I have had a strange relationship with eating meat over the course of my life. At some points I have cut out red meat, then all meat, and now “some meat depending on what it looks like.” My aversion to meat has a lot to do with its appearance, its preparation, and how it is consumed. For example, a hamburger might be fine (because it is hidden by condiments) but a steak is too much to bear. Fish never felt or tasted like meat, so I’ve always continued to eat it. My mother has an ethical issue with lamb and veal that my sister and I have inherited. Because she was so averse to it, I cannot even stomach the idea of eating it.

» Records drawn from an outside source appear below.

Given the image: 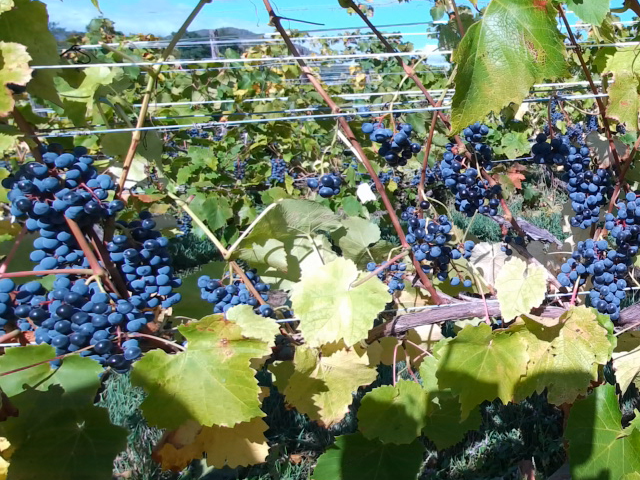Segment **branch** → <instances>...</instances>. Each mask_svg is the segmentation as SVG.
<instances>
[{"instance_id":"branch-10","label":"branch","mask_w":640,"mask_h":480,"mask_svg":"<svg viewBox=\"0 0 640 480\" xmlns=\"http://www.w3.org/2000/svg\"><path fill=\"white\" fill-rule=\"evenodd\" d=\"M160 73V67H153V70L151 71L149 78H148V82H147V88H146V94L144 96V101L142 102L141 108L137 114V125L138 126H143L144 125V116L147 113L148 107L151 103V99L153 97V90H154V84H155V80L158 76V74Z\"/></svg>"},{"instance_id":"branch-2","label":"branch","mask_w":640,"mask_h":480,"mask_svg":"<svg viewBox=\"0 0 640 480\" xmlns=\"http://www.w3.org/2000/svg\"><path fill=\"white\" fill-rule=\"evenodd\" d=\"M67 225L72 229L76 242L87 254L91 265V272L99 278L105 288L110 289L112 292H116L117 290L123 292L125 290L123 279L110 264L107 255L105 254L104 247L92 227L89 224H85L83 229L85 230L87 237L94 243L100 261L111 277L98 265L96 256L88 246L87 242L82 238V233L78 225L73 220H69Z\"/></svg>"},{"instance_id":"branch-1","label":"branch","mask_w":640,"mask_h":480,"mask_svg":"<svg viewBox=\"0 0 640 480\" xmlns=\"http://www.w3.org/2000/svg\"><path fill=\"white\" fill-rule=\"evenodd\" d=\"M338 122L340 124V126L342 127L343 132L345 133V135L347 136L348 140L350 141L351 146L353 147L354 151L359 155L366 171L367 174L370 177V180L373 182V184L375 185L376 189L378 190L379 193V197L381 198L382 203L384 204L385 208L387 209L388 215L390 220L393 222V224L396 227L398 236L400 237V240L402 242V245L404 246L405 250L407 251V254L409 256V259L411 261V263H413L414 265V269L417 272L418 276L420 277V279L422 280V282L424 283V286L426 288V290L428 292L431 293L433 301L435 304H442V300L440 299L439 296V292L437 291V289L435 287H433V285L431 284L430 279L428 278V276L425 274L424 270L421 267V263L418 260H414L413 258V252L411 251V246L409 245V243H406L405 241V230L403 228V225L401 223V221L399 220V218L396 215L394 206L392 205V203L390 202L387 194H386V190L383 187L380 179L377 177L373 166L371 165V163L369 162V158L366 154V152L361 148L360 144L358 143L356 137L354 136L353 132L351 131L349 124L346 122L344 117L338 118Z\"/></svg>"},{"instance_id":"branch-15","label":"branch","mask_w":640,"mask_h":480,"mask_svg":"<svg viewBox=\"0 0 640 480\" xmlns=\"http://www.w3.org/2000/svg\"><path fill=\"white\" fill-rule=\"evenodd\" d=\"M557 7H558V11H559V14H560L561 18L563 19V22L566 25V28H567V30L569 32V35L571 36L572 44H578L577 36H576V34H575V32H574V30L572 28L571 23L568 20L567 15L564 12L563 3L562 2H558L557 3Z\"/></svg>"},{"instance_id":"branch-5","label":"branch","mask_w":640,"mask_h":480,"mask_svg":"<svg viewBox=\"0 0 640 480\" xmlns=\"http://www.w3.org/2000/svg\"><path fill=\"white\" fill-rule=\"evenodd\" d=\"M437 116H439L444 123L446 124L448 129L452 128V123L449 120V118L442 112V111H434L432 113V123H431V127L429 130V134L427 137V142L425 144L424 147V151H423V161H422V165H421V171H420V180L418 183V202L423 201V186L425 183V174H426V168H427V164L429 163V159H428V153L432 144V140L434 137V133L436 130V125H437Z\"/></svg>"},{"instance_id":"branch-4","label":"branch","mask_w":640,"mask_h":480,"mask_svg":"<svg viewBox=\"0 0 640 480\" xmlns=\"http://www.w3.org/2000/svg\"><path fill=\"white\" fill-rule=\"evenodd\" d=\"M166 195L169 198H171L173 201H175L178 205H180L189 215L192 216V218L196 221V223L201 226V229L204 232V234L220 249L223 257L226 258L230 262V264L234 267L238 276L250 289L255 299L262 306H265L266 301L264 300V298L259 295L255 286L249 281V279L245 276V274L241 270V267L236 263L234 258L228 254L227 249L224 247V245L208 230L206 224L200 219V217L190 207H188L185 202H183L180 198L174 195L171 191H167Z\"/></svg>"},{"instance_id":"branch-16","label":"branch","mask_w":640,"mask_h":480,"mask_svg":"<svg viewBox=\"0 0 640 480\" xmlns=\"http://www.w3.org/2000/svg\"><path fill=\"white\" fill-rule=\"evenodd\" d=\"M453 140H454L455 144L457 145V147L462 151L464 156L467 158V160L471 164H475L476 160L471 156V154L468 152V150L463 146V144L461 143V141L459 140L457 135L453 136Z\"/></svg>"},{"instance_id":"branch-17","label":"branch","mask_w":640,"mask_h":480,"mask_svg":"<svg viewBox=\"0 0 640 480\" xmlns=\"http://www.w3.org/2000/svg\"><path fill=\"white\" fill-rule=\"evenodd\" d=\"M479 173L485 176V178L488 180V182L490 183L491 186H495L496 185L495 180L492 178V176L486 170L480 169Z\"/></svg>"},{"instance_id":"branch-3","label":"branch","mask_w":640,"mask_h":480,"mask_svg":"<svg viewBox=\"0 0 640 480\" xmlns=\"http://www.w3.org/2000/svg\"><path fill=\"white\" fill-rule=\"evenodd\" d=\"M595 101L598 105V110H599V115H600V119L602 121V124L606 130V134H607V138L609 141V144L611 146V151H612V156H613V161L618 169L619 172V176H618V181H617V185L615 187V190L613 191L612 195H611V199L609 201L608 204V210L612 211L613 210V206L615 204L616 198L621 190V188H623V190L625 192L629 191V187L627 185V181H626V170L628 169V166L632 160L633 155L635 154L637 148L639 147L640 144V137H637L635 139V142L631 148V150L628 152L627 154V158L622 166L619 158H618V153H617V149H616V144L614 142L613 136H612V132H611V128L609 126V123L605 117V113H604V108H603V103L601 101V99L599 97L595 98Z\"/></svg>"},{"instance_id":"branch-14","label":"branch","mask_w":640,"mask_h":480,"mask_svg":"<svg viewBox=\"0 0 640 480\" xmlns=\"http://www.w3.org/2000/svg\"><path fill=\"white\" fill-rule=\"evenodd\" d=\"M574 50L578 54V58L580 59V62L582 64L583 69L585 71V74H586V76H587V78H588V80L590 82V86L592 87L593 92H598V87H597V85L595 83V79H594V77L592 76V74L590 72L589 66H588V64H587V62L585 60V57L583 55L582 50L581 49H574Z\"/></svg>"},{"instance_id":"branch-11","label":"branch","mask_w":640,"mask_h":480,"mask_svg":"<svg viewBox=\"0 0 640 480\" xmlns=\"http://www.w3.org/2000/svg\"><path fill=\"white\" fill-rule=\"evenodd\" d=\"M264 7L266 8V10L268 12L269 18L272 20L275 28L279 32V34H280L281 38L283 39V41L285 42V45L292 52V55H300L299 49L294 45V43L290 39L288 33L286 32V29L283 27L281 21L279 20L278 16L276 15L275 9L272 6V4L270 2H266L264 4Z\"/></svg>"},{"instance_id":"branch-8","label":"branch","mask_w":640,"mask_h":480,"mask_svg":"<svg viewBox=\"0 0 640 480\" xmlns=\"http://www.w3.org/2000/svg\"><path fill=\"white\" fill-rule=\"evenodd\" d=\"M141 138V133L139 131L135 132L132 138V142L131 145L129 147V149L126 152V156H125V163L121 169L120 172V178L118 180L117 186L114 190V196L116 198H119L121 196V193L123 191V188L125 186L126 180H127V174L131 168V165L133 163V154L135 153V151L137 150V147L139 145V141Z\"/></svg>"},{"instance_id":"branch-9","label":"branch","mask_w":640,"mask_h":480,"mask_svg":"<svg viewBox=\"0 0 640 480\" xmlns=\"http://www.w3.org/2000/svg\"><path fill=\"white\" fill-rule=\"evenodd\" d=\"M297 64L299 65L300 70L303 72V74L308 78V80L310 81V84L312 85L313 89L315 90V92L320 95L324 100L327 101V103L330 105V107L333 109V111L335 113H338L340 111V106L337 104V102L327 93V91L325 89H322L320 84L318 83L315 75L310 71V69L307 67L306 62L302 59V60H298Z\"/></svg>"},{"instance_id":"branch-13","label":"branch","mask_w":640,"mask_h":480,"mask_svg":"<svg viewBox=\"0 0 640 480\" xmlns=\"http://www.w3.org/2000/svg\"><path fill=\"white\" fill-rule=\"evenodd\" d=\"M497 197H498V199H499V201H500V203H501V205H502V207H503V209H504V211H505V214H506V216H507V219H508L509 223L511 224V226H512L513 230H514L515 232H517L518 234H522V233H523V230H522L521 228H519V227H518L517 223H516V222H515V220L513 219L512 214H511V211H510V209H509V207H508V204H507V202H506V200H505V198H504L503 194H502V193H498V194H497Z\"/></svg>"},{"instance_id":"branch-7","label":"branch","mask_w":640,"mask_h":480,"mask_svg":"<svg viewBox=\"0 0 640 480\" xmlns=\"http://www.w3.org/2000/svg\"><path fill=\"white\" fill-rule=\"evenodd\" d=\"M208 3V0H200L196 6L195 9L191 12V14L181 23V25L179 26L177 32L175 33V35L171 38V40L166 44L165 49L163 50V52L161 53V55L159 56V59L161 61H165L169 54L171 53L173 47L177 44V42L180 40V38L183 36L184 32L186 31L187 27L198 17V15L200 14V12L202 11V8Z\"/></svg>"},{"instance_id":"branch-6","label":"branch","mask_w":640,"mask_h":480,"mask_svg":"<svg viewBox=\"0 0 640 480\" xmlns=\"http://www.w3.org/2000/svg\"><path fill=\"white\" fill-rule=\"evenodd\" d=\"M396 60L398 61L399 64H401L404 68L407 69L409 75L412 77L413 81L415 82V84L417 85V87L419 88V90L423 93V95L425 96L426 100L431 103L433 106L436 105H442L443 99L446 96L447 91L449 90L450 84L453 80V78L455 77V75L458 73V67L454 66L452 72L449 74L445 85L441 91V93L438 96V100H434L433 97L429 94V92L427 91V89L423 86V84L421 83L420 79L418 78V76L416 75V73L414 72L413 68L406 63L402 57H396Z\"/></svg>"},{"instance_id":"branch-12","label":"branch","mask_w":640,"mask_h":480,"mask_svg":"<svg viewBox=\"0 0 640 480\" xmlns=\"http://www.w3.org/2000/svg\"><path fill=\"white\" fill-rule=\"evenodd\" d=\"M348 3L350 4L351 8L355 11V13L369 25L372 32L376 35L377 39L380 41L381 45L389 52H393L394 48L385 41L384 37L378 31L373 21L360 10V8L355 4L353 0H348Z\"/></svg>"}]
</instances>
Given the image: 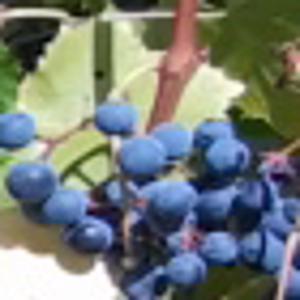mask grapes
Masks as SVG:
<instances>
[{
  "label": "grapes",
  "instance_id": "01657485",
  "mask_svg": "<svg viewBox=\"0 0 300 300\" xmlns=\"http://www.w3.org/2000/svg\"><path fill=\"white\" fill-rule=\"evenodd\" d=\"M99 136L124 138L100 199L62 188L43 160L7 169L4 189L37 226L59 229L66 250L115 259L127 300L209 281L211 270L236 263L279 274L282 300H300V199L289 196L297 160L260 152L240 138L228 114L198 120L192 131L161 123L141 137L129 101L92 108Z\"/></svg>",
  "mask_w": 300,
  "mask_h": 300
},
{
  "label": "grapes",
  "instance_id": "b958b902",
  "mask_svg": "<svg viewBox=\"0 0 300 300\" xmlns=\"http://www.w3.org/2000/svg\"><path fill=\"white\" fill-rule=\"evenodd\" d=\"M38 137V124L34 116L10 113L0 117V149L21 153L31 149Z\"/></svg>",
  "mask_w": 300,
  "mask_h": 300
}]
</instances>
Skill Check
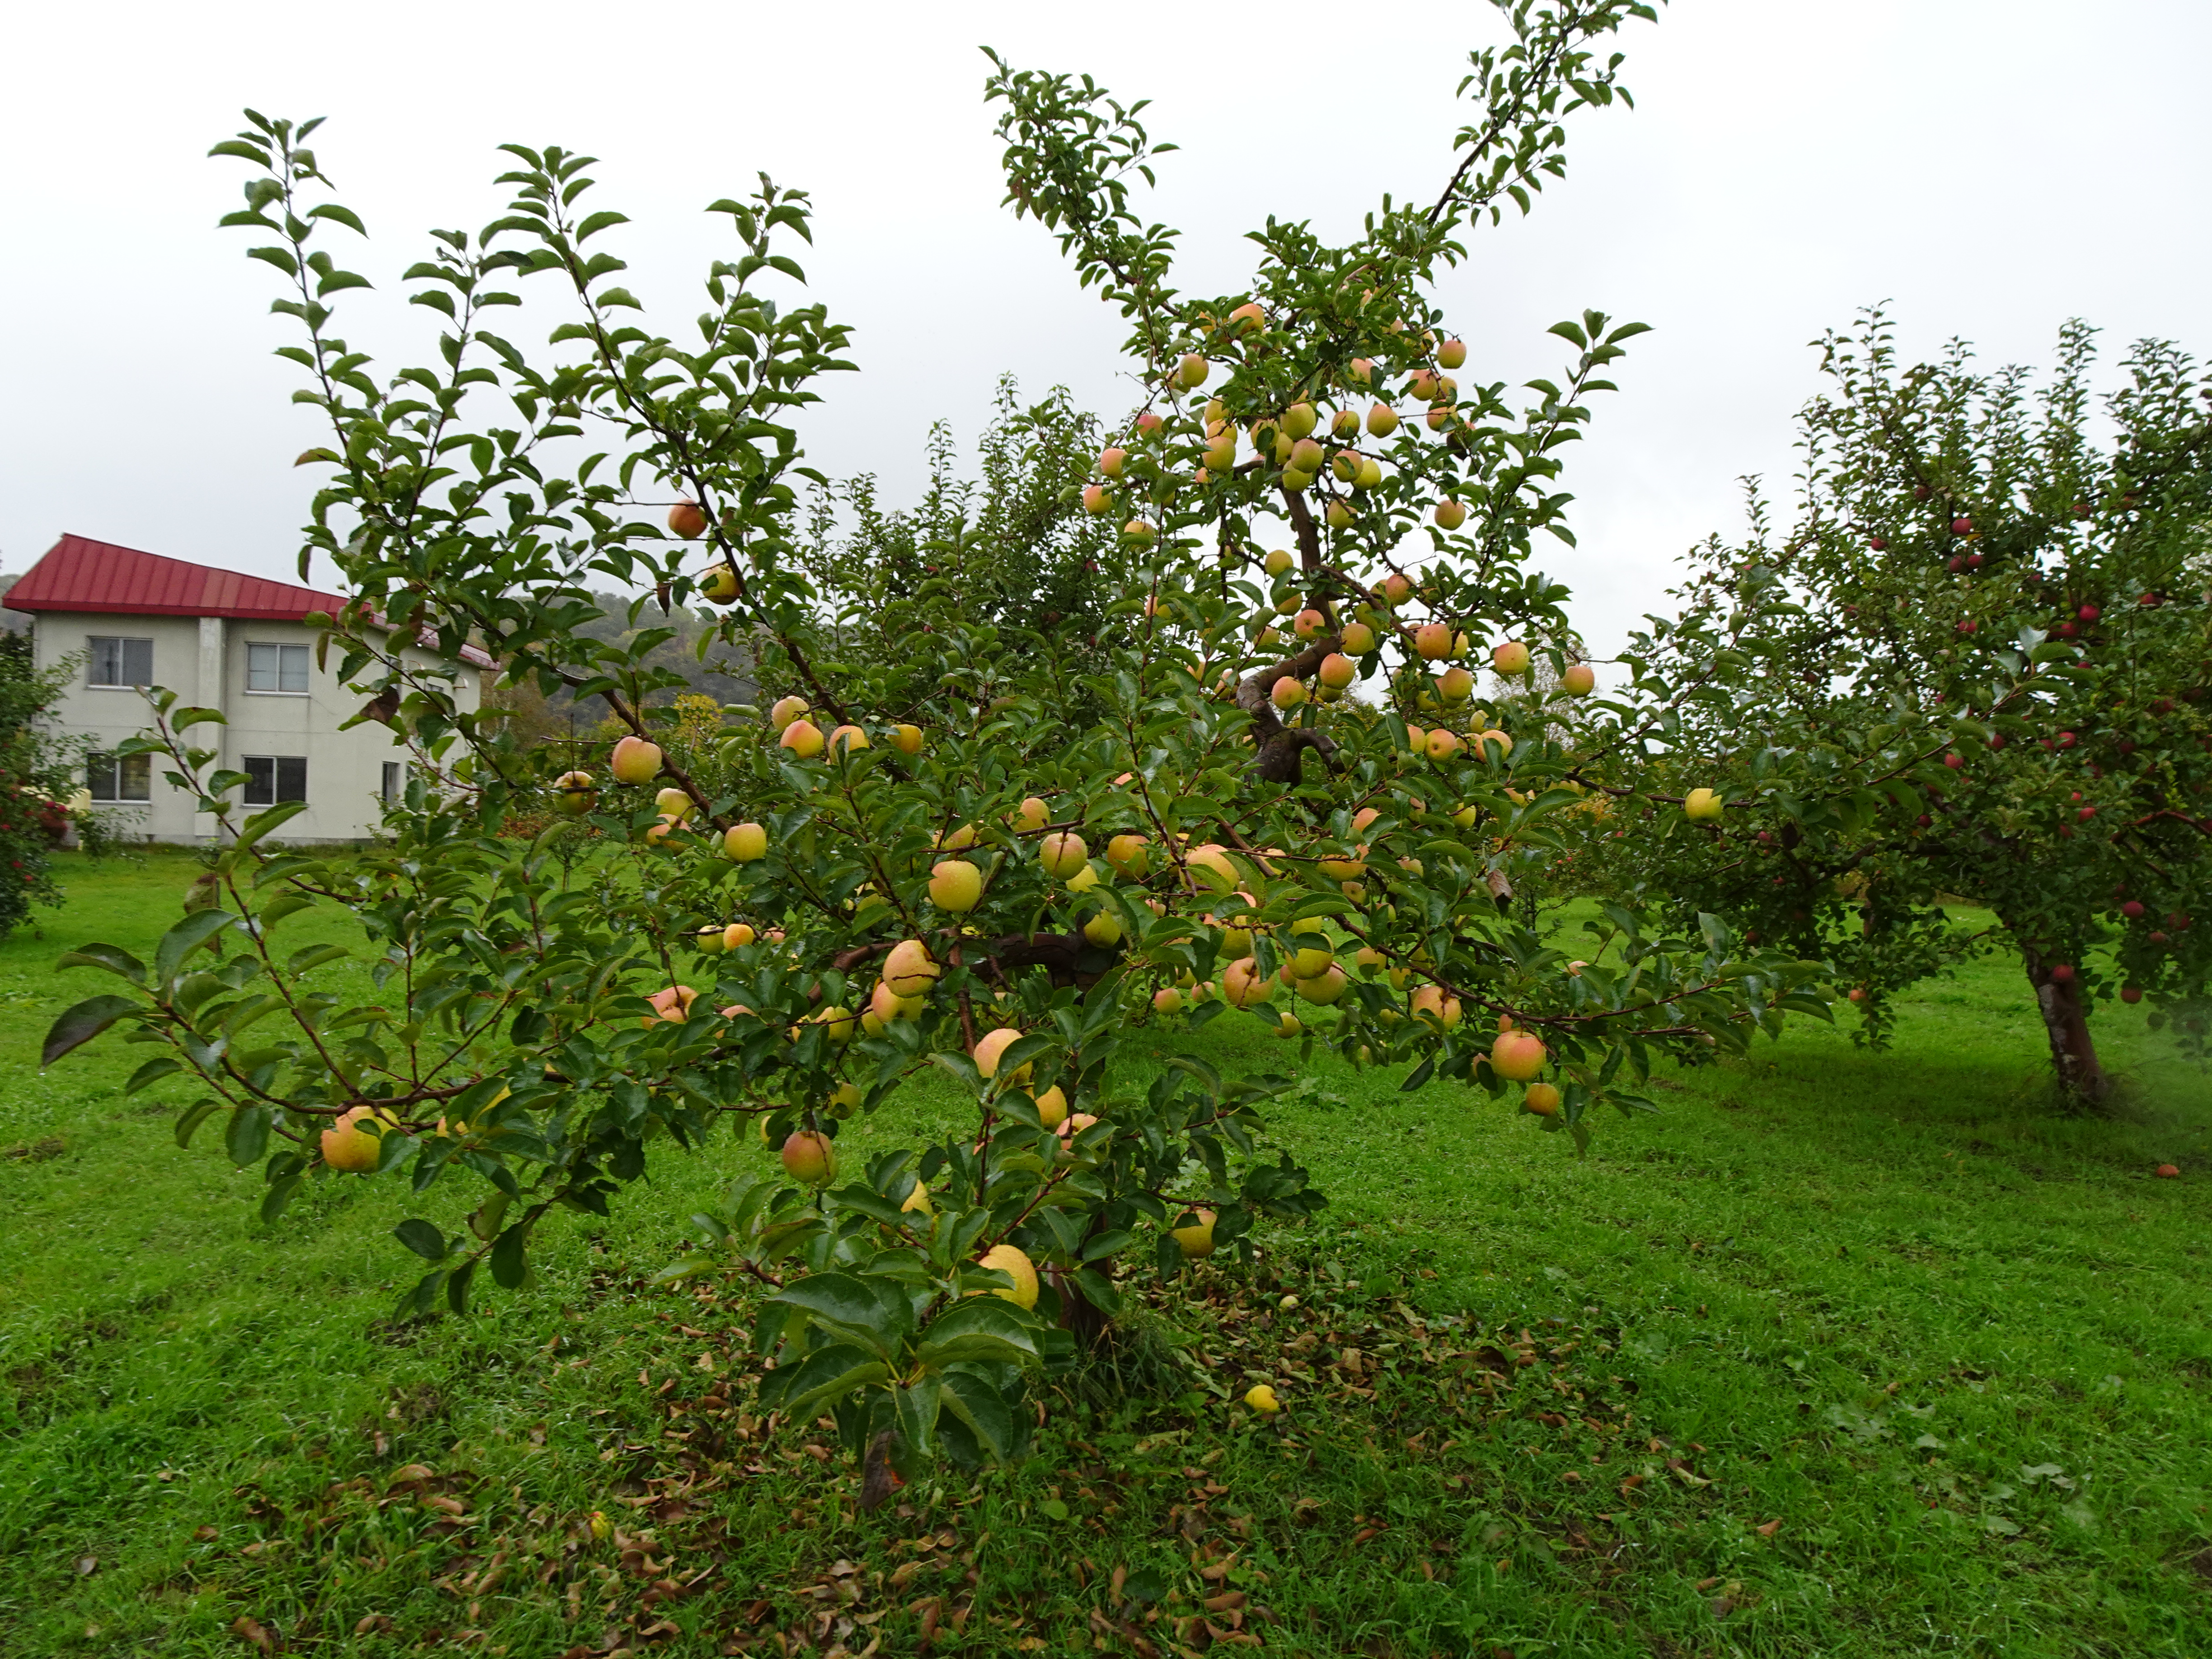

The whole thing is complicated. But simply put, I have a strange relationship to consuming meat.

Vayikra does very little to settle my pseudo-vegetarian stomach. The animals in the parshah are (ritually) slaughtered and their blood is dashed on the sacred sacrificial altar. They are skinned, cut into, and cut up into pieces for distribution, burning, and consumption. Are you squirming yet? I sure am.

We are not alone. In Guide for the Perplexed, Maimonides is critical of the animal sacrifice in Torah and Temple times. He goes so far as to claim that it was God’s way of weaning the Jewish people off of pagan animal worship. According to Maimonides, God was more concerned with conditioning us for “service to God” than the sacrifices themselves. Indeed, long after animal sacrifice ended, we still find ways to pray and to dedicate ourselves to acts of love and thanksgiving.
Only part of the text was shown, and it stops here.